甫叔說:“這是驅蛇藥啊!我們在山裏走動,身上是要時刻帶著這個藥的。萬一碰到大蛇了,你鬥不過它,就得用這個。尤其是剛才這條五步蛇,不把它迷昏,很厲害的。咬了人,急救不及時,那就很麻煩的……”

“這都是些什麽藥啊?我都還沒聽你說過呢。”

“現在我就告訴你吧。就是雄黃一兩研成粉,雲香精一小瓶,外加幾只臭屁蟲研成粉,和勻了,撒在燒紙上,就成了。用的時候,燒幾張,蛇聞到了這煙味,渾廟就沒勁了。還不任我用手捉?”甫叔緩緩的說著。

“以前怎麽沒聽你說過呢?”我一邊搓著黃精一邊溫不經心的和甫叔說著。

“用得著的時候,我都會告訴你的。”甫叔說。

“那麽,上次我們在湖海,你燒的那些紙,也是這東西了?”

“當然了。”

我啞然笑道:“我還以為你那是敬什麽神呢!弄得那麽神神秘秘的。連我都被你唬弄住了……”

甫叔也笑了:“不那樣,我憑什麽吸引住你呀?”

我嗔道:“你吸引我的地方可多了,你大可不必故弄玄虛的。”

“那你說說,我到底哪些地方吸引住你了?”

我突然提高了聲調,大聲地說:“我愛你!愛你就是了!哪裏說得這麽清楚!”

甫叔被我突然的高聲嚇了一跳:“你瘋了!”

我又走回到水裏,又搓了一陣黃精,看看差不多了,就撈出來,裝進袋子裏,用鋤頭把扛著,把那條蛇也掛在鋤頭把的另一頭,緩步走回家去。

到了家裏,甫叔把蛇掛在一個鉤子上,用菜刀在七寸處割了一圈,捏緊割口,向下一拉,蛇皮筒子就剝了下來。鉤上掛著的是一筒長長的白肉。

趁著還沒天黑,我們在屋後的一塊空地上磊起三塊石頭,架上鍋子,燒起火,把蛇肉洗幹凈了,放進鍋裏燉上。

我們山裏的說法,說是蛇肉不能在屋內煮。否則別的蛇聞到氣味,會鉆進進屋裏來暗中咬人的。

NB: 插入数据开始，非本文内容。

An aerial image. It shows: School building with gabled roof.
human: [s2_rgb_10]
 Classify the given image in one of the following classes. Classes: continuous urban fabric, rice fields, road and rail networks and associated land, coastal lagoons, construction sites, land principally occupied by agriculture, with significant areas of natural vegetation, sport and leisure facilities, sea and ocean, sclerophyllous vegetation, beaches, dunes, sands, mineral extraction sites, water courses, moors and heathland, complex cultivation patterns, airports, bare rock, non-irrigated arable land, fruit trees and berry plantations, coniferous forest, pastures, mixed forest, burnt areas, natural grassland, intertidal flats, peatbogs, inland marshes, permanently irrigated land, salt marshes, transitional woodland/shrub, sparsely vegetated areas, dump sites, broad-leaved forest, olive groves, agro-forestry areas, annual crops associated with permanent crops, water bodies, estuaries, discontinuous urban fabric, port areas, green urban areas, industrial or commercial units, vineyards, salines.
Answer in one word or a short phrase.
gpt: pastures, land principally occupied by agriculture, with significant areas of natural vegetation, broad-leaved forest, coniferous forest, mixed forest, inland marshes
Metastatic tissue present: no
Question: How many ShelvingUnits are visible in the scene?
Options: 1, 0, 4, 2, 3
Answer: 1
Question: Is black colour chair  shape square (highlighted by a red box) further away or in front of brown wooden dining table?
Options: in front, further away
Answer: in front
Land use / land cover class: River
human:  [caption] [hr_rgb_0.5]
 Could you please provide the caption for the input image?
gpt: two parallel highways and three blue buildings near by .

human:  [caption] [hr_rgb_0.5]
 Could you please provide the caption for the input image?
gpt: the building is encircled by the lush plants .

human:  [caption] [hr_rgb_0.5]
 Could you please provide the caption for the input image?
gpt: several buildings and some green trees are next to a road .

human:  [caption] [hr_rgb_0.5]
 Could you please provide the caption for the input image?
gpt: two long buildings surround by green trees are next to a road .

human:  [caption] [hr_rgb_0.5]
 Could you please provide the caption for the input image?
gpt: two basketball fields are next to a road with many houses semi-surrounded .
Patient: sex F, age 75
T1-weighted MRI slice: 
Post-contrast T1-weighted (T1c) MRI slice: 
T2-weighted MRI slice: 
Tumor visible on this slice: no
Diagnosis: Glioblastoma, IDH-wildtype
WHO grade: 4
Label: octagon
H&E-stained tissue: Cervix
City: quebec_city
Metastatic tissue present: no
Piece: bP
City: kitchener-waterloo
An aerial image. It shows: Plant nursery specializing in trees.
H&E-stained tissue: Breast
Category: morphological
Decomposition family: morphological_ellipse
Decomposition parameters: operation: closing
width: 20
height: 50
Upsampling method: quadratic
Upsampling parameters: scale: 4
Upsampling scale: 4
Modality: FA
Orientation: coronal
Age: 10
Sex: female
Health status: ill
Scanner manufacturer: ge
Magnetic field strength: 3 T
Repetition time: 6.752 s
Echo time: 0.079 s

燒了一陣,天也快黑了,蛇肉也燉得差不多了,拿出來,在帖板上把蛇肉一條一條的撕下來,最後剩下一條長長的蛇骨架。

接下來把蛇肉又回到鍋裏,放進一碗切成片的黃精,蓋上鍋蓋慢慢的燉,

等到鍋裏熱氣沖天,鍋蓋也一上一下的跳起來,再揭開鍋蓋,加進油鹽香料,炒勻了,連鍋子提進屋來,外面的火用水澆滅了,兩人才回屋享用這頓豐盛的晚餐。

吃飯的時候,甫叔說:“水山,你多吃點。這東西好呢!”

我問甫叔道:“那你說,這有什麽好呢?”

甫叔認真的說:“這蛇性屬陰,專補人腎陰不足。以前我爹在世的時候,晚上夜尿多,有時一晚起來七八次。我偶爾抓回一條蛇來,燉湯給他喝了,會有半年多的時間晚上不用起來。你說好不好?”

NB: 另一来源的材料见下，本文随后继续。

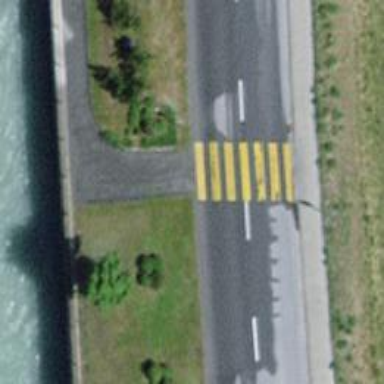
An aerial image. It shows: Uncontrolled zebra crossing on the road.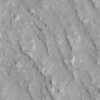
Label: not_dusty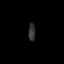
Tissue: skin
Cell type: Epithelial cells
Senescence score: 0.6761
Nuclear area (px): 122
Mean DAPI intensity: 50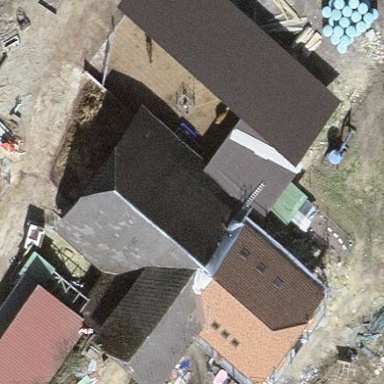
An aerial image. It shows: Farm building.
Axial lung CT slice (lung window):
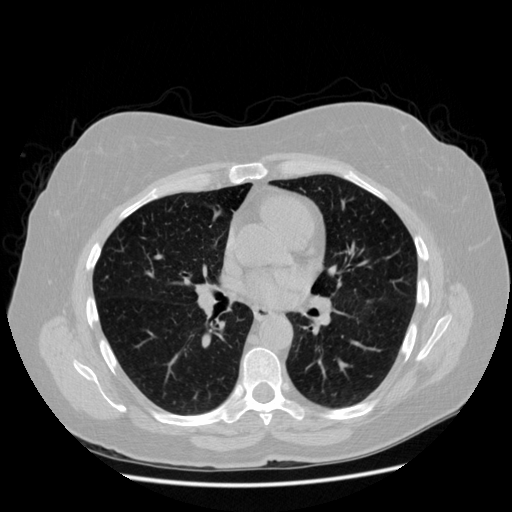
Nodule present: no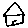
Label: house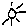
Label: sun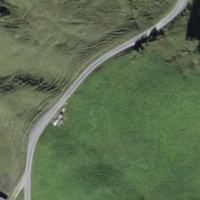
EUNIS habitat code: 43
Species observed at this site:
Astrantia major
Caltha palustris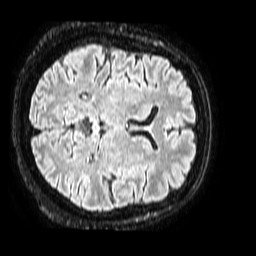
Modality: FLAIR
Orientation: axial
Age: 56
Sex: female
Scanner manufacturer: philips
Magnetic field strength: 1.5 T
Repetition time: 4.8 s
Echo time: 0.3 s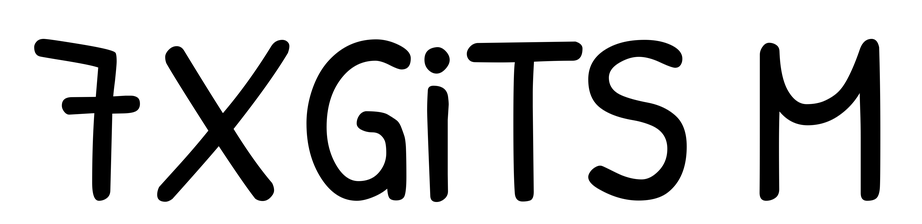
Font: PatrickHand-Regular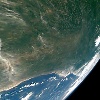
Label: land

“真有這樣效果啊?那你多吃點,說不定你的病會給治好呢!”

說著我夾起一塊蛇肉條,餵到甫叔的嘴裏。甫叔張嘴吃了。他也學我的樣,夾起一塊餵到我嘴邊來。我說:“我自己來。”

甫叔說:“來而不往非禮也。”我只好接住吃了。

甫叔吃肉不多,喝了一碗湯。

我舍不得多吃,把剩下的大半鍋肉和湯收好。

這東西,也許對甫叔的身體會有意想不到的好處。

而這活蛇,盡管山上很多,卻不是每天都能捉得到的。

忙活了一天,不僅累了,身上也弄得很臟。我燒好熱水,和甫叔洗了個澡,就上床睡覺休息。

甫叔是個好清潔的人。盡管他一天都不出汗,但他也是要每晚都把身子洗得幹幹凈凈的。用他的話說,是我愛用嘴在他的身上亂啃。